◆ Excerpted records ◆

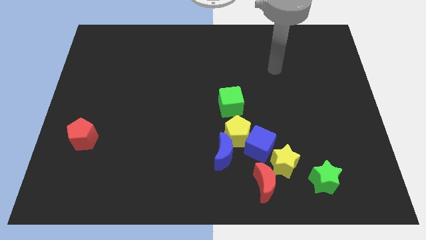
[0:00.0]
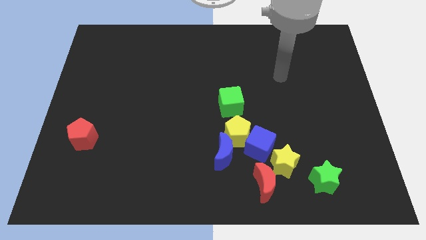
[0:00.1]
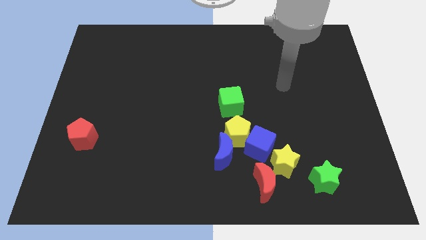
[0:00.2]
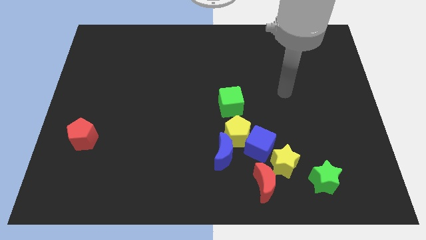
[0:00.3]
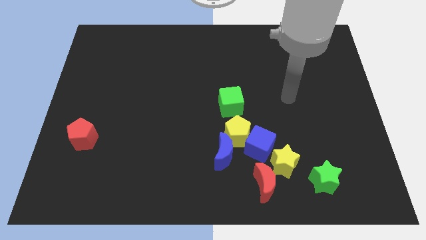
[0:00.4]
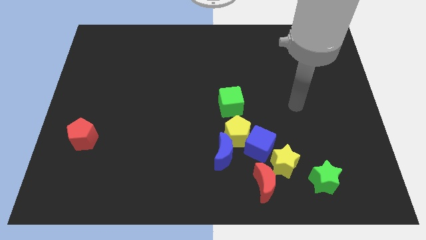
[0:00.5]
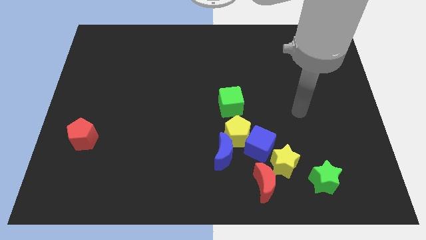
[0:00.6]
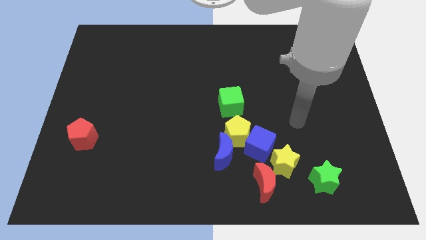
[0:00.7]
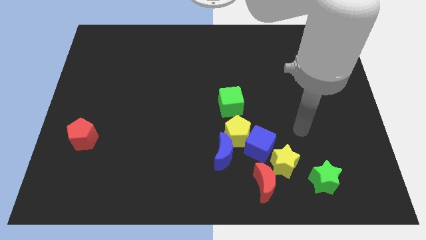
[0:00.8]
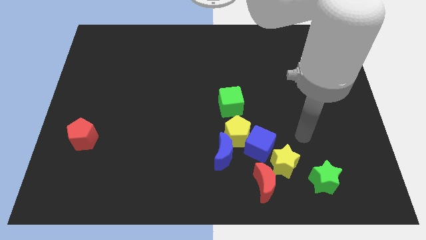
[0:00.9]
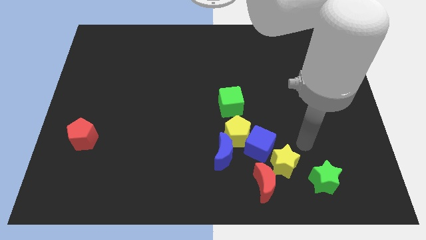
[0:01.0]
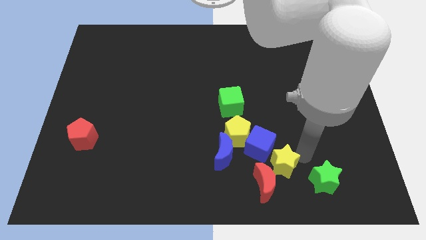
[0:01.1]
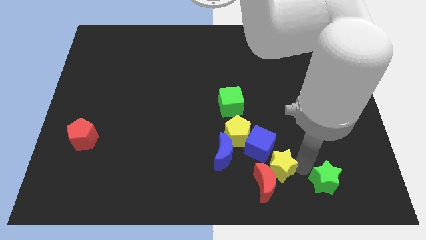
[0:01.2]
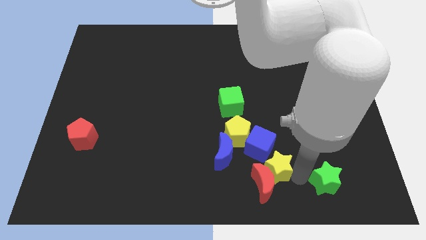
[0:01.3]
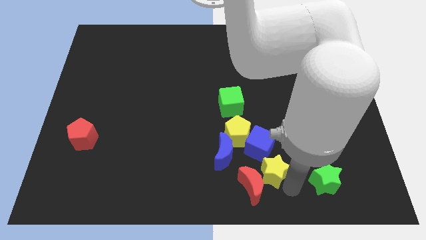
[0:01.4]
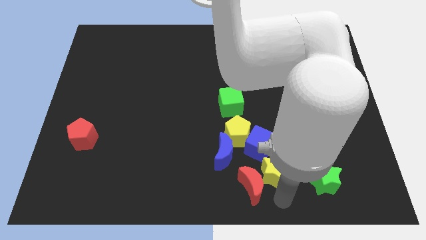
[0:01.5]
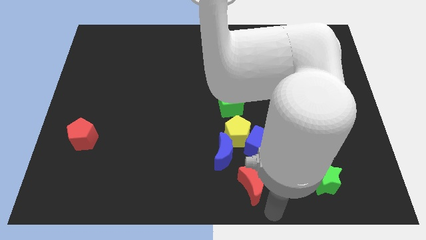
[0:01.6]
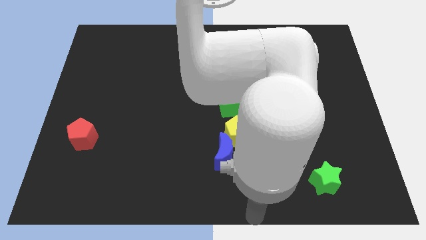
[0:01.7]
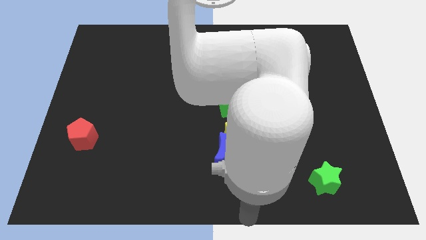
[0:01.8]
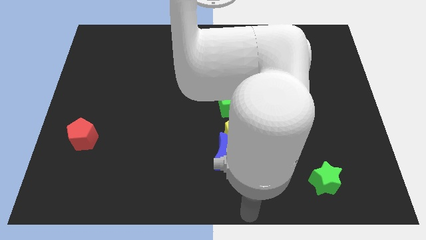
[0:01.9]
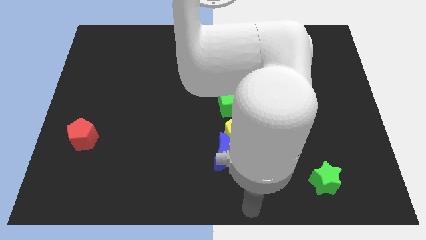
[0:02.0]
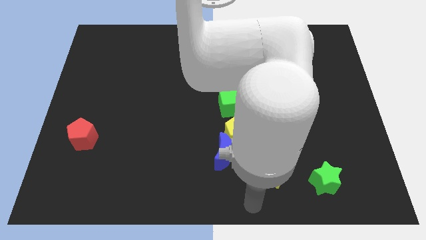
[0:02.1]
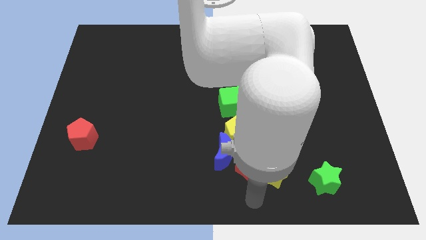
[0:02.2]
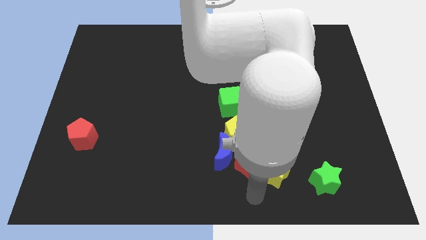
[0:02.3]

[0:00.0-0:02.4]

◆ Exercise ◆
An exact repetition of the listing is needed, with the pictures dropped.

◆ Exercise response ◆
[0:00.0]
[0:00.1]
[0:00.2]
[0:00.3]
[0:00.4]
[0:00.5]
[0:00.6]
[0:00.7]
[0:00.8]
[0:00.9]
[0:01.0]
[0:01.1]
[0:01.2]
[0:01.3]
[0:01.4]
[0:01.5]
[0:01.6]
[0:01.7]
[0:01.8]
[0:01.9]
[0:02.0]
[0:02.1]
[0:02.2]
[0:02.3]

[0:00.0-0:02.4]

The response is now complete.